● **RECORDED DATA**
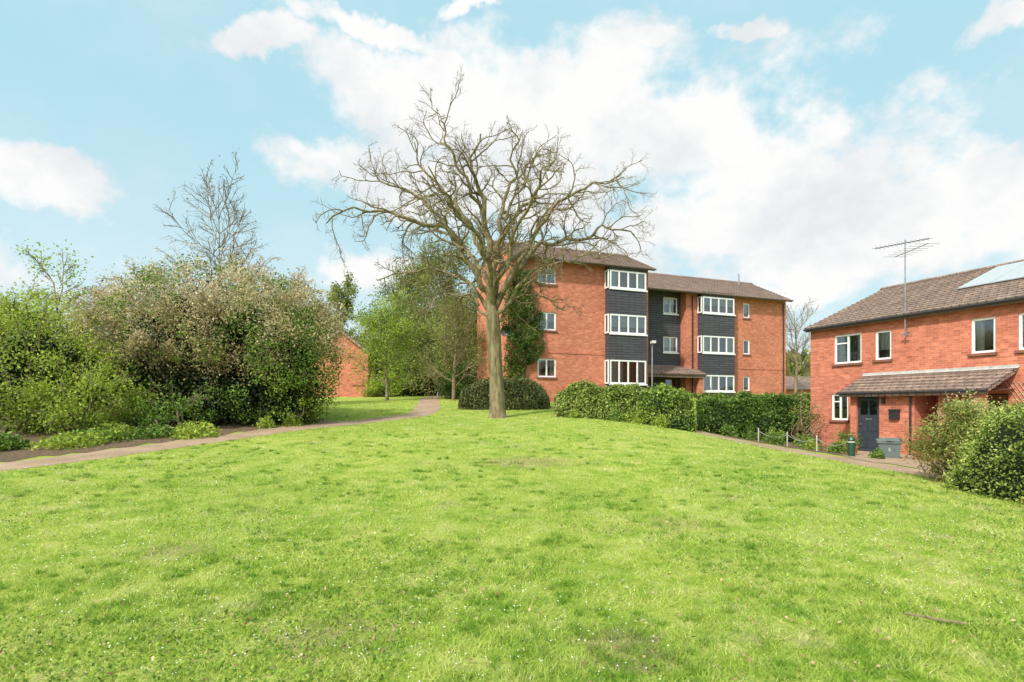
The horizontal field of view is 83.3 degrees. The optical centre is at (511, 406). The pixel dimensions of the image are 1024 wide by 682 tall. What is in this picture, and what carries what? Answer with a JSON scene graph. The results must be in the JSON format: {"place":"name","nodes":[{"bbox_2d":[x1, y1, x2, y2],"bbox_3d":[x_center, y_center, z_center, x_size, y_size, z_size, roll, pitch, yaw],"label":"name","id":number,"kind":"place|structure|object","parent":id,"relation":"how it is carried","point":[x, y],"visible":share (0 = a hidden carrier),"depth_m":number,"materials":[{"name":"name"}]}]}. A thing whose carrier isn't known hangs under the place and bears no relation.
{"place":"outdoors","nodes":[
{"label":"outdoors","id":0,"kind":"place"},
{"bbox_2d":[0,406,275,461],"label":"soil","id":1,"kind":"structure","parent":0,"point":[7,455],"depth_m":15.30,"materials":[{"name":"brown soil"}]},
{"bbox_2d":[0,431,30,450],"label":"plant","id":2,"kind":"object","parent":1,"relation":"on","point":[15,438],"visible":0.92,"depth_m":14.08,"materials":[{"name":"green plant"}]},
{"bbox_2d":[0,437,32,450],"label":"plant","id":3,"kind":"object","parent":1,"relation":"on","point":[18,445],"visible":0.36,"depth_m":14.14,"materials":[{"name":"green plant"}]},
{"bbox_2d":[0,238,121,381],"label":"leafing tree","id":4,"kind":"object","parent":1,"relation":"on","point":[41,266],"visible":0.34,"depth_m":21.56,"materials":[{"name":"green plant"}]},
{"bbox_2d":[25,433,106,450],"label":"plant","id":5,"kind":"object","parent":1,"relation":"on","point":[72,441],"visible":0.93,"depth_m":14.32,"materials":[{"name":"green plant"}]},
{"bbox_2d":[46,428,109,447],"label":"plant","id":6,"kind":"object","parent":1,"relation":"on","point":[75,435],"visible":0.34,"depth_m":14.95,"materials":[{"name":"green plant"}]},
{"bbox_2d":[0,275,159,437],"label":"green shrub","id":7,"kind":"object","parent":1,"relation":"on","point":[11,358],"visible":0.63,"depth_m":17.55,"materials":[{"name":"green plant"}]},
{"bbox_2d":[0,340,168,435],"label":"green shrub","id":8,"kind":"object","parent":1,"relation":"on","point":[74,410],"visible":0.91,"depth_m":16.66,"materials":[{"name":"green plant"}]},
{"bbox_2d":[54,426,135,444],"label":"plant","id":9,"kind":"object","parent":1,"relation":"on","point":[106,432],"visible":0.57,"depth_m":15.29,"materials":[{"name":"green plant"}]},
{"bbox_2d":[93,422,138,440],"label":"plant","id":10,"kind":"object","parent":1,"relation":"on","point":[126,428],"visible":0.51,"depth_m":15.91,"materials":[{"name":"green plant"}]},
{"bbox_2d":[129,423,175,439],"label":"plant","id":11,"kind":"object","parent":1,"relation":"on","point":[156,431],"visible":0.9,"depth_m":16.19,"materials":[{"name":"green plant"}]},
{"bbox_2d":[0,274,325,417],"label":"dark shrub","id":12,"kind":"object","parent":1,"relation":"on","point":[30,316],"visible":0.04,"depth_m":21.07,"materials":[{"name":"green plant"}]},
{"bbox_2d":[108,369,230,429],"bbox_3d":[-10.639,-0.094,17.805,3.549,2.166,1.873,0,0,-22],"label":"green shrub","id":13,"kind":"object","parent":1,"relation":"on","point":[152,419],"visible":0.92,"depth_m":17.65,"materials":[{"name":"green plant"}]},
{"bbox_2d":[169,420,222,439],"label":"plant","id":14,"kind":"object","parent":1,"relation":"on","point":[194,430],"visible":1,"depth_m":16.14,"materials":[{"name":"green plant"}]},
{"bbox_2d":[48,242,361,427],"bbox_3d":[-10.250,-2.630,20.222,9.951,6.610,7.463,0,0,0],"label":"blossom shrub","id":15,"kind":"object","parent":1,"relation":"on","point":[234,351],"visible":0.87,"depth_m":18.75,"materials":[{"name":"green plant"}]},
{"bbox_2d":[256,415,275,428],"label":"plant","id":16,"kind":"object","parent":1,"relation":"on","point":[264,423],"visible":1,"depth_m":18.43,"materials":[{"name":"green plant"}]},
{"bbox_2d":[282,413,303,426],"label":"plant","id":17,"kind":"object","parent":1,"relation":"on","point":[294,422],"visible":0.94,"depth_m":18.93,"materials":[{"name":"green plant"}]},
{"bbox_2d":[0,395,443,470],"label":"path","id":18,"kind":"structure","parent":0,"point":[428,405],"depth_m":15.61,"materials":[{"name":"grey asphalt"}]},
{"bbox_2d":[305,420,332,423],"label":"soil","id":19,"kind":"structure","parent":0,"point":[324,421],"depth_m":20.10,"materials":[{"name":"brown soil"}]},
{"bbox_2d":[0,395,1023,681],"bbox_3d":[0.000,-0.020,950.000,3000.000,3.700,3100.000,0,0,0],"label":"ground","id":20,"kind":"structure","parent":0,"point":[662,493],"depth_m":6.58,"materials":[{"name":"green plant"}]},
{"bbox_2d":[144,148,283,319],"bbox_3d":[-12.295,-5.661,25.675,6.408,11.810,5.701,0,0,37],"label":"bare tree","id":21,"kind":"object","parent":20,"relation":"on","point":[229,217],"visible":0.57,"depth_m":25.66,"materials":[{"name":"grey plant"}]},
{"bbox_2d":[254,273,317,353],"bbox_3d":[-13.233,-3.544,28.567,7.141,7.236,5.900,0,0,0],"label":"leafing tree","id":22,"kind":"object","parent":20,"relation":"on","point":[285,299],"visible":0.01,"depth_m":29.61,"materials":[{"name":"green plant"}]},
{"bbox_2d":[245,360,336,423],"bbox_3d":[-7.413,-0.402,19.501,2.506,2.521,2.550,0,0,29],"label":"green shrub","id":23,"kind":"object","parent":20,"relation":"on","point":[316,409],"visible":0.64,"depth_m":19.30,"materials":[{"name":"green plant"}]},
{"bbox_2d":[311,271,369,344],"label":"leafing tree","id":24,"kind":"object","parent":20,"relation":"on","point":[346,302],"visible":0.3,"depth_m":55.50,"materials":[{"name":"green plant"}]},
{"bbox_2d":[313,329,379,396],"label":"brick outbuilding","id":25,"kind":"structure","parent":20,"relation":"on","point":[346,378],"depth_m":45.05,"materials":[{"name":"red brick"}]},
{"bbox_2d":[352,385,374,396],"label":"brick wall","id":26,"kind":"structure","parent":20,"relation":"on","point":[355,393],"depth_m":43.65,"materials":[{"name":"red brick"}]},
{"bbox_2d":[356,367,413,396],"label":"green shrub","id":27,"kind":"object","parent":20,"relation":"on","point":[373,393],"visible":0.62,"depth_m":43.45,"materials":[{"name":"green plant"}]},
{"bbox_2d":[338,279,437,399],"bbox_3d":[-7.621,-4.033,36.144,6.622,7.452,5.458,0,0,-35],"label":"leafing tree","id":28,"kind":"object","parent":20,"relation":"on","point":[373,329],"visible":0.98,"depth_m":35.78,"materials":[{"name":"green plant"}]},
{"bbox_2d":[358,302,423,385],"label":"leafing tree","id":29,"kind":"object","parent":20,"relation":"on","point":[390,351],"visible":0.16,"depth_m":47.65,"materials":[{"name":"green plant"}]},
{"bbox_2d":[351,256,453,395],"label":"leafing tree","id":30,"kind":"object","parent":20,"relation":"on","point":[407,286],"visible":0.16,"depth_m":50.99,"materials":[{"name":"green plant"}]},
{"bbox_2d":[375,360,432,395],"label":"dark shrub","id":31,"kind":"object","parent":20,"relation":"on","point":[405,392],"visible":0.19,"depth_m":49.56,"materials":[{"name":"green plant"}]},
{"bbox_2d":[384,377,436,395],"bbox_3d":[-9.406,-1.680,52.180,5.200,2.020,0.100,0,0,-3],"label":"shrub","id":32,"kind":"object","parent":20,"relation":"on","point":[423,394],"visible":0.07,"depth_m":52.22,"materials":[{"name":"green plant"}]},
{"bbox_2d":[385,232,477,397],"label":"leafing tree","id":33,"kind":"object","parent":20,"relation":"on","point":[460,264],"visible":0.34,"depth_m":44.97,"materials":[{"name":"green plant"}]},
{"bbox_2d":[406,291,476,394],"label":"leafing tree","id":34,"kind":"object","parent":20,"relation":"on","point":[435,345],"visible":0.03,"depth_m":56.93,"materials":[{"name":"green plant"}]},
{"bbox_2d":[407,287,488,400],"bbox_3d":[-3.783,-4.104,35.359,5.909,7.631,5.871,0,0,0],"label":"leafing tree","id":35,"kind":"object","parent":20,"relation":"on","point":[442,336],"visible":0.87,"depth_m":35.43,"materials":[{"name":"green plant"}]},
{"bbox_2d":[428,284,476,391],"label":"leafing tree","id":36,"kind":"object","parent":20,"relation":"on","point":[459,340],"visible":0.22,"depth_m":40.72,"materials":[{"name":"green plant"}]},
{"bbox_2d":[436,360,479,398],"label":"dark shrub","id":37,"kind":"object","parent":20,"relation":"on","point":[460,386],"visible":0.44,"depth_m":37.94,"materials":[{"name":"green plant"}]},
{"bbox_2d":[106,348,810,381],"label":"woodland","id":38,"kind":"object","parent":20,"relation":"on","point":[791,366],"visible":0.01,"depth_m":72.32,"materials":[{"name":"green plant"}]},
{"bbox_2d":[311,65,656,418],"bbox_3d":[-0.761,-5.449,22.356,12.786,12.025,10.808,0,0,0],"label":"bare tree","id":39,"kind":"object","parent":20,"relation":"on","point":[492,277],"visible":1,"depth_m":21.70,"materials":[{"name":"brown plant"}]},
{"bbox_2d":[458,376,550,409],"bbox_3d":[-0.380,-0.563,27.256,4.398,1.885,3.152,0,0,0],"label":"hedge","id":40,"kind":"object","parent":20,"relation":"on","point":[524,394],"visible":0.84,"depth_m":26.31,"materials":[{"name":"green plant"}]},
{"bbox_2d":[1,414,1021,681],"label":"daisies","id":41,"kind":"object","parent":20,"relation":"on","point":[455,576],"visible":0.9,"depth_m":5.39,"materials":[{"name":"white plant"}]},
{"bbox_2d":[0,422,1023,681],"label":"clover","id":42,"kind":"object","parent":20,"relation":"on","point":[220,666],"visible":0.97,"depth_m":4.16,"materials":[{"name":"green plant"}]},
{"bbox_2d":[0,426,1023,681],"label":"fallen leaves","id":43,"kind":"object","parent":20,"relation":"on","point":[516,600],"visible":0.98,"depth_m":4.45,"materials":[{"name":"brown plant"}]},
{"bbox_2d":[568,408,580,417],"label":"plant","id":44,"kind":"object","parent":20,"relation":"on","point":[574,413],"visible":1,"depth_m":21.92,"materials":[{"name":"green plant"}]},
{"bbox_2d":[553,380,645,421],"bbox_3d":[3.577,-0.099,22.639,4.020,2.049,2.391,0,0,0],"label":"hedge","id":45,"kind":"object","parent":20,"relation":"on","point":[589,400],"visible":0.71,"depth_m":22.20,"materials":[{"name":"green plant"}]},
{"bbox_2d":[605,407,625,421],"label":"plant","id":46,"kind":"object","parent":20,"relation":"on","point":[616,417],"visible":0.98,"depth_m":21.53,"materials":[{"name":"green plant"}]},
{"bbox_2d":[475,236,793,401],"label":"apartment block","id":47,"kind":"structure","parent":20,"relation":"on","point":[712,336],"depth_m":37.76,"materials":[{"name":"red brick"}]},
{"bbox_2d":[500,327,510,336],"bbox_3d":[-0.354,-4.270,32.576,0.507,0.600,0.543,0,0,-36],"label":"satellite dish","id":48,"kind":"object","parent":47,"relation":"attached to","point":[504,332],"visible":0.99,"depth_m":32.58,"materials":[{"name":"metal"}]},
{"bbox_2d":[501,270,545,378],"bbox_3d":[0.653,-4.098,32.726,2.701,7.459,0.608,0,0,-21],"label":"ivy","id":49,"kind":"object","parent":47,"relation":"attached to","point":[513,336],"visible":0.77,"depth_m":32.71,"materials":[{"name":"green plant"}]},
{"bbox_2d":[537,358,557,378],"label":"window","id":50,"kind":"structure","parent":47,"relation":"in","point":[546,367],"depth_m":33.84,"materials":[{"name":"white paint"}]},
{"bbox_2d":[537,312,557,331],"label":"window","id":51,"kind":"structure","parent":47,"relation":"in","point":[549,321],"depth_m":33.84,"materials":[{"name":"white paint"}]},
{"bbox_2d":[538,269,557,285],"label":"window","id":52,"kind":"structure","parent":47,"relation":"in","point":[549,278],"depth_m":33.82,"materials":[{"name":"white paint"}]},
{"bbox_2d":[604,360,608,383],"bbox_3d":[5.717,-2.120,34.737,0.070,1.440,0.430,0,0,-22],"label":"window","id":53,"kind":"structure","parent":47,"relation":"in","point":[605,382],"depth_m":34.71,"materials":[{"name":"white paint"}]},
{"bbox_2d":[604,314,608,333],"bbox_3d":[5.717,-5.020,34.737,0.070,1.160,0.430,0,0,-22],"label":"window","id":54,"kind":"structure","parent":47,"relation":"in","point":[605,315],"depth_m":34.78,"materials":[{"name":"white paint"}]},
{"bbox_2d":[604,269,608,288],"bbox_3d":[5.717,-7.705,34.737,0.070,1.090,0.430,0,0,-22],"label":"window","id":55,"kind":"structure","parent":47,"relation":"in","point":[605,271],"depth_m":34.73,"materials":[{"name":"white paint"}]},
{"bbox_2d":[609,360,647,385],"bbox_3d":[7.053,-2.075,35.092,2.690,1.530,0.265,0,0,-22],"label":"window","id":56,"kind":"structure","parent":47,"relation":"in","point":[616,366],"depth_m":35.04,"materials":[{"name":"white paint"}]},
{"bbox_2d":[609,314,647,335],"bbox_3d":[7.053,-4.975,35.092,2.690,1.250,0.265,0,0,-22],"label":"window","id":57,"kind":"structure","parent":47,"relation":"in","point":[616,320],"depth_m":35.11,"materials":[{"name":"white paint"}]},
{"bbox_2d":[609,269,647,291],"bbox_3d":[7.053,-7.660,35.092,2.690,1.180,0.265,0,0,-22],"label":"window","id":58,"kind":"structure","parent":47,"relation":"in","point":[640,278],"depth_m":35.03,"materials":[{"name":"white paint"}]},
{"bbox_2d":[664,377,676,387],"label":"door","id":59,"kind":"structure","parent":47,"relation":"in","point":[667,380],"depth_m":40.47,"materials":[{"name":"brown wood"}]},
{"bbox_2d":[663,297,678,315],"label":"window","id":60,"kind":"structure","parent":47,"relation":"in","point":[667,302],"depth_m":40.58,"materials":[{"name":"white paint"}]},
{"bbox_2d":[663,336,678,353],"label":"window","id":61,"kind":"structure","parent":47,"relation":"in","point":[668,342],"depth_m":40.55,"materials":[{"name":"white paint"}]},
{"bbox_2d":[697,335,701,352],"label":"window","id":62,"kind":"structure","parent":47,"relation":"in","point":[701,335],"depth_m":40.36,"materials":[{"name":"white paint"}]},
{"bbox_2d":[697,296,701,312],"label":"window","id":63,"kind":"structure","parent":47,"relation":"in","point":[700,296],"depth_m":40.36,"materials":[{"name":"white paint"}]},
{"bbox_2d":[702,335,735,354],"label":"window","id":64,"kind":"structure","parent":47,"relation":"in","point":[728,340],"depth_m":40.55,"materials":[{"name":"white paint"}]},
{"bbox_2d":[702,296,735,315],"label":"window","id":65,"kind":"structure","parent":47,"relation":"in","point":[712,301],"depth_m":40.65,"materials":[{"name":"white paint"}]},
{"bbox_2d":[703,375,735,392],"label":"window","id":66,"kind":"structure","parent":47,"relation":"in","point":[708,382],"depth_m":40.57,"materials":[{"name":"white paint"}]},
{"bbox_2d":[743,303,750,319],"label":"window","id":67,"kind":"structure","parent":47,"relation":"in","point":[744,304],"depth_m":42.26,"materials":[{"name":"white paint"}]},
{"bbox_2d":[743,340,750,355],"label":"window","id":68,"kind":"structure","parent":47,"relation":"in","point":[744,354],"depth_m":42.16,"materials":[{"name":"white paint"}]},
{"bbox_2d":[743,376,750,391],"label":"window","id":69,"kind":"structure","parent":47,"relation":"in","point":[746,377],"depth_m":42.23,"materials":[{"name":"white paint"}]},
{"bbox_2d":[622,405,648,423],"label":"plant","id":70,"kind":"object","parent":20,"relation":"on","point":[638,419],"visible":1,"depth_m":21.37,"materials":[{"name":"green plant"}]},
{"bbox_2d":[650,340,655,387],"bbox_3d":[7.300,-1.332,29.840,0.200,4.160,0.520,0,0,0],"label":"street lamp","id":71,"kind":"object","parent":20,"relation":"on","point":[652,342],"visible":0.51,"depth_m":29.97,"materials":[{"name":"metal"}]},
{"bbox_2d":[650,414,668,427],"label":"plant","id":72,"kind":"object","parent":20,"relation":"on","point":[659,421],"visible":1,"depth_m":21.05,"materials":[{"name":"green plant"}]},
{"bbox_2d":[635,381,697,431],"bbox_3d":[5.883,0.185,22.093,2.317,2.386,2.222,0,0,13],"label":"hedge","id":73,"kind":"object","parent":20,"relation":"on","point":[677,406],"visible":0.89,"depth_m":21.45,"materials":[{"name":"green plant"}]},
{"bbox_2d":[689,389,810,441],"bbox_3d":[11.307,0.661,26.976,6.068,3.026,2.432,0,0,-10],"label":"hedge","id":74,"kind":"object","parent":20,"relation":"on","point":[742,411],"visible":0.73,"depth_m":26.30,"materials":[{"name":"green plant"}]},
{"bbox_2d":[786,376,810,394],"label":"bungalow","id":75,"kind":"object","parent":20,"relation":"on","point":[804,383],"visible":0.14,"depth_m":61.85,"materials":[{"name":"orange brick"}]},
{"bbox_2d":[786,298,818,392],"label":"bare tree","id":76,"kind":"object","parent":20,"relation":"on","point":[796,363],"visible":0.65,"depth_m":55.84,"materials":[{"name":"brown plant"}]},
{"bbox_2d":[803,259,1023,454],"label":"terraced house","id":77,"kind":"structure","parent":20,"relation":"on","point":[875,374],"depth_m":20.33,"materials":[{"name":"red brick"}]},
{"bbox_2d":[829,394,848,422],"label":"window","id":78,"kind":"structure","parent":77,"relation":"in","point":[841,402],"depth_m":23.32,"materials":[{"name":"white paint"}]},
{"bbox_2d":[858,396,878,451],"bbox_3d":[12.961,0.640,20.910,0.070,2.040,0.830,0,0,-22],"label":"door","id":79,"kind":"structure","parent":77,"relation":"in","point":[868,407],"depth_m":20.92,"materials":[{"name":"blue paint"}]},
{"bbox_2d":[872,330,892,362],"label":"window","id":80,"kind":"structure","parent":77,"relation":"in","point":[885,336],"depth_m":21.68,"materials":[{"name":"white paint"}]},
{"bbox_2d":[872,238,932,337],"bbox_3d":[14.051,-4.220,20.433,1.140,3.500,2.026,0,0,-9],"label":"television aerial","id":81,"kind":"object","parent":77,"relation":"attached to","point":[904,253],"visible":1,"depth_m":20.55,"materials":[{"name":"metal"}]},
{"bbox_2d":[967,315,1023,356],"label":"window","id":82,"kind":"structure","parent":77,"relation":"in","point":[983,329],"depth_m":18.75,"materials":[{"name":"white paint"}]},
{"bbox_2d":[988,394,1007,412],"bbox_3d":[15.248,0.620,18.249,0.050,2.020,0.840,0,0,-22],"label":"door","id":83,"kind":"structure","parent":77,"relation":"in","point":[996,398],"depth_m":18.08,"materials":[{"name":"brown wood"}]},
{"bbox_2d":[1014,313,1023,352],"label":"window","id":84,"kind":"structure","parent":77,"relation":"in","point":[1021,349],"depth_m":17.53,"materials":[{"name":"white paint"}]},
{"bbox_2d":[905,612,966,624],"bbox_3d":[3.086,1.553,4.208,0.363,0.067,0.102,0,0,30],"label":"stick","id":85,"kind":"object","parent":20,"relation":"on","point":[934,618],"visible":0.95,"depth_m":4.18,"materials":[{"name":"beige wood"}]},
{"bbox_2d":[891,382,1019,482],"bbox_3d":[9.285,0.742,11.395,2.714,2.488,2.705,0,0,-20],"label":"shrub","id":86,"kind":"object","parent":20,"relation":"on","point":[951,433],"visible":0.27,"depth_m":11.38,"materials":[{"name":"green plant"}]},
{"bbox_2d":[937,396,1023,503],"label":"hedge","id":87,"kind":"object","parent":20,"relation":"on","point":[993,466],"visible":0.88,"depth_m":9.78,"materials":[{"name":"green plant"}]},
{"bbox_2d":[0,0,1023,394],"label":"sky","id":88,"kind":"structure","parent":0,"point":[787,142],"materials":[{"name":"blue"}]},
{"bbox_2d":[697,430,855,455],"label":"soil","id":89,"kind":"structure","parent":0,"point":[824,449],"depth_m":20.58,"materials":[{"name":"brown soil"}]},
{"bbox_2d":[719,421,739,436],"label":"plant","id":90,"kind":"object","parent":89,"relation":"on","point":[727,429],"visible":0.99,"depth_m":23.52,"materials":[{"name":"green plant"}]},
{"bbox_2d":[741,426,761,440],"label":"plant","id":91,"kind":"object","parent":89,"relation":"on","point":[754,434],"visible":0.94,"depth_m":22.55,"materials":[{"name":"green plant"}]},
{"bbox_2d":[760,432,777,443],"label":"plant","id":92,"kind":"object","parent":89,"relation":"on","point":[767,440],"visible":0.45,"depth_m":21.94,"materials":[{"name":"green plant"}]},
{"bbox_2d":[762,426,790,444],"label":"plant","id":93,"kind":"object","parent":89,"relation":"on","point":[783,434],"visible":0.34,"depth_m":22.10,"materials":[{"name":"green plant"}]},
{"bbox_2d":[768,433,785,444],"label":"plant","id":94,"kind":"object","parent":89,"relation":"on","point":[779,440],"visible":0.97,"depth_m":20.83,"materials":[{"name":"green plant"}]},
{"bbox_2d":[792,433,810,446],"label":"plant","id":95,"kind":"object","parent":89,"relation":"on","point":[801,439],"visible":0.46,"depth_m":21.68,"materials":[{"name":"green plant"}]},
{"bbox_2d":[781,388,829,444],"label":"rose shrub","id":96,"kind":"object","parent":89,"relation":"on","point":[802,429],"visible":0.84,"depth_m":23.28,"materials":[{"name":"green plant"}]},
{"bbox_2d":[799,434,823,449],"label":"plant","id":97,"kind":"object","parent":89,"relation":"on","point":[811,443],"visible":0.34,"depth_m":20.39,"materials":[{"name":"green plant"}]},
{"bbox_2d":[803,438,820,449],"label":"plant","id":98,"kind":"object","parent":89,"relation":"on","point":[812,447],"visible":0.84,"depth_m":19.55,"materials":[{"name":"green plant"}]},
{"bbox_2d":[827,439,847,452],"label":"plant","id":99,"kind":"object","parent":89,"relation":"on","point":[834,448],"visible":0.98,"depth_m":18.93,"materials":[{"name":"green plant"}]},
{"bbox_2d":[847,436,855,455],"bbox_3d":[10.280,1.218,17.450,0.229,0.660,0.229,0,0,0],"label":"green bollard","id":100,"kind":"object","parent":89,"relation":"on","point":[851,444],"visible":0.9,"depth_m":17.36,"materials":[{"name":"metal"}]},
{"bbox_2d":[867,448,884,458],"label":"plant","id":101,"kind":"object","parent":89,"relation":"on","point":[877,454],"visible":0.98,"depth_m":17.13,"materials":[{"name":"green plant"}]},
{"bbox_2d":[691,431,945,477],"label":"path","id":102,"kind":"structure","parent":0,"point":[883,466],"depth_m":15.25,"materials":[{"name":"grey concrete"}]},
{"bbox_2d":[829,449,936,470],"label":"paving","id":103,"kind":"structure","parent":0,"point":[861,455],"depth_m":16.61,"materials":[{"name":"grey concrete"}]},
{"bbox_2d":[831,427,856,447],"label":"potted plant","id":104,"kind":"object","parent":103,"relation":"on","point":[840,436],"visible":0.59,"depth_m":21.21,"materials":[{"name":"green plant"}]},
{"bbox_2d":[839,432,863,454],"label":"potted plant","id":105,"kind":"object","parent":103,"relation":"on","point":[856,443],"visible":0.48,"depth_m":18.53,"materials":[{"name":"green plant"}]},
{"bbox_2d":[875,437,901,458],"bbox_3d":[11.842,1.287,18.085,0.690,0.630,0.605,0,0,29],"label":"recycling bin","id":106,"kind":"object","parent":103,"relation":"on","point":[888,446],"visible":0.98,"depth_m":17.89,"materials":[{"name":"grey plastic"}]},
{"bbox_2d":[906,438,927,459],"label":"potted plant","id":107,"kind":"object","parent":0,"point":[915,450],"visible":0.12,"depth_m":17.56,"materials":[{"name":"green plant"}]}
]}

● **GOAL OF THE EXERCISE**
Across the records above, in how many lines does the string "path" appear? Reply with the figure alone.

● **ANSWER SECTION**
2